**Exercise requirements:** Repeat these records exactly, pictures excluded.

[[ Record extracts, beginning ]]

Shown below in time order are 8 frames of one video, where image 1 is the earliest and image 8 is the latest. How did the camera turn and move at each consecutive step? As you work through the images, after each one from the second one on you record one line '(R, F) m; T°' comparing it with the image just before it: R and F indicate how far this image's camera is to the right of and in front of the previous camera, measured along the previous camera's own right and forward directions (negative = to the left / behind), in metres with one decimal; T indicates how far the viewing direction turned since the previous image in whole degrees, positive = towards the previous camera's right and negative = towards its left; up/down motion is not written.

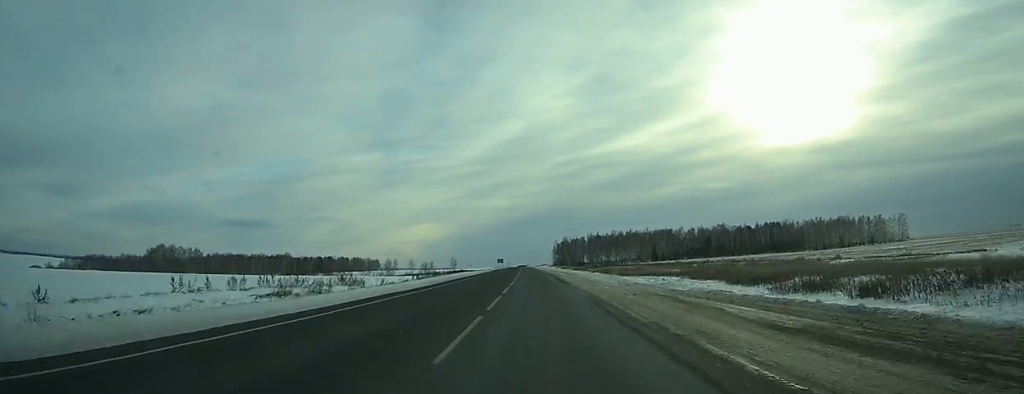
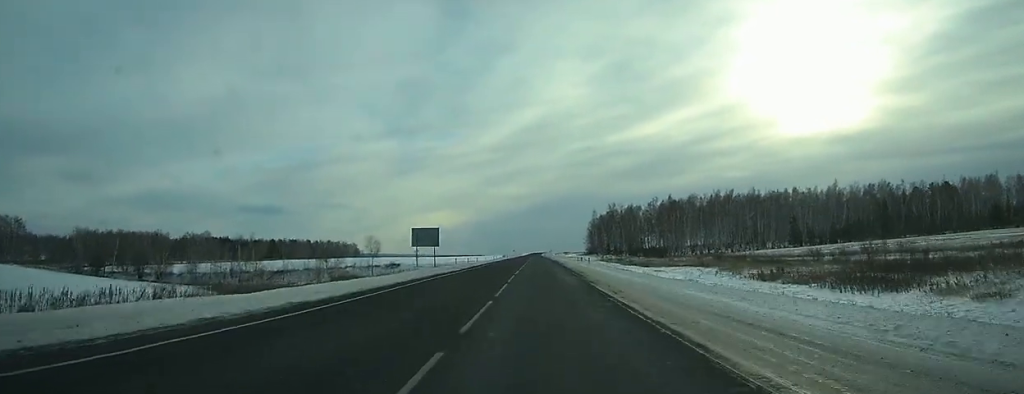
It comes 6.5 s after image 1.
(-3.8, +181.0) m; -1°
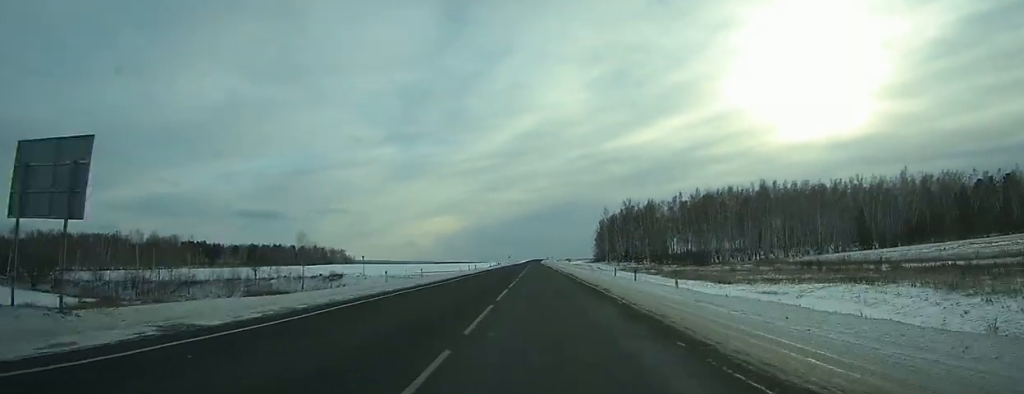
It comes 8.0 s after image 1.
(+0.1, +42.2) m; 0°
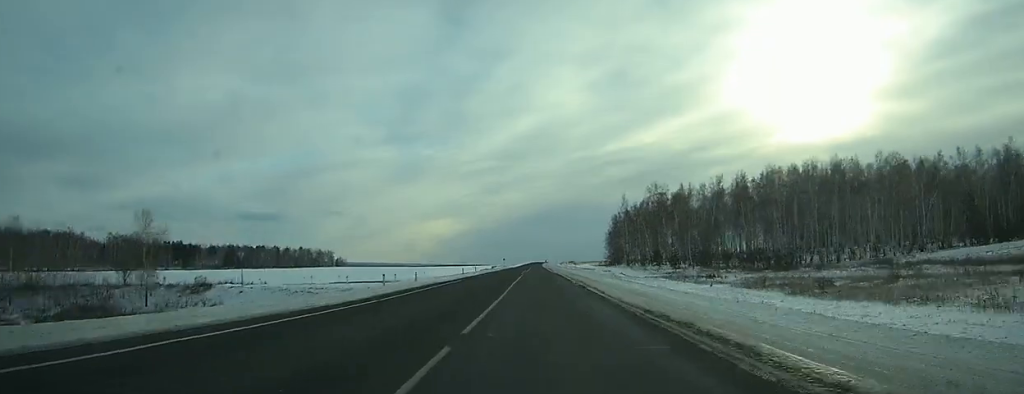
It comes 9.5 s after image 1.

[[ Record extracts, end ]]

**Answer section:**
Shown below in time order are 8 frames of one video, where image 1 is the earliest and image 8 is the latest. How did the camera turn and move at each consecutive step? As you work through the images, after each one from the second one on you record one line '(R, F) m; T°' comparing it with the image just before it: R and F indicate how far this image's camera is to the right of and in front of the previous camera, measured along the previous camera's own right and forward directions (negative = to the left / behind), in metres with one decimal; T indicates how far the viewing direction turned since the previous image in whole degrees, positive = towards the previous camera's right and negative = towards its left; up/down motion is not written.

It comes 6.5 s after image 1.
(-3.8, +181.0) m; -1°
It comes 8.0 s after image 1.
(+0.1, +42.2) m; 0°
It comes 9.5 s after image 1.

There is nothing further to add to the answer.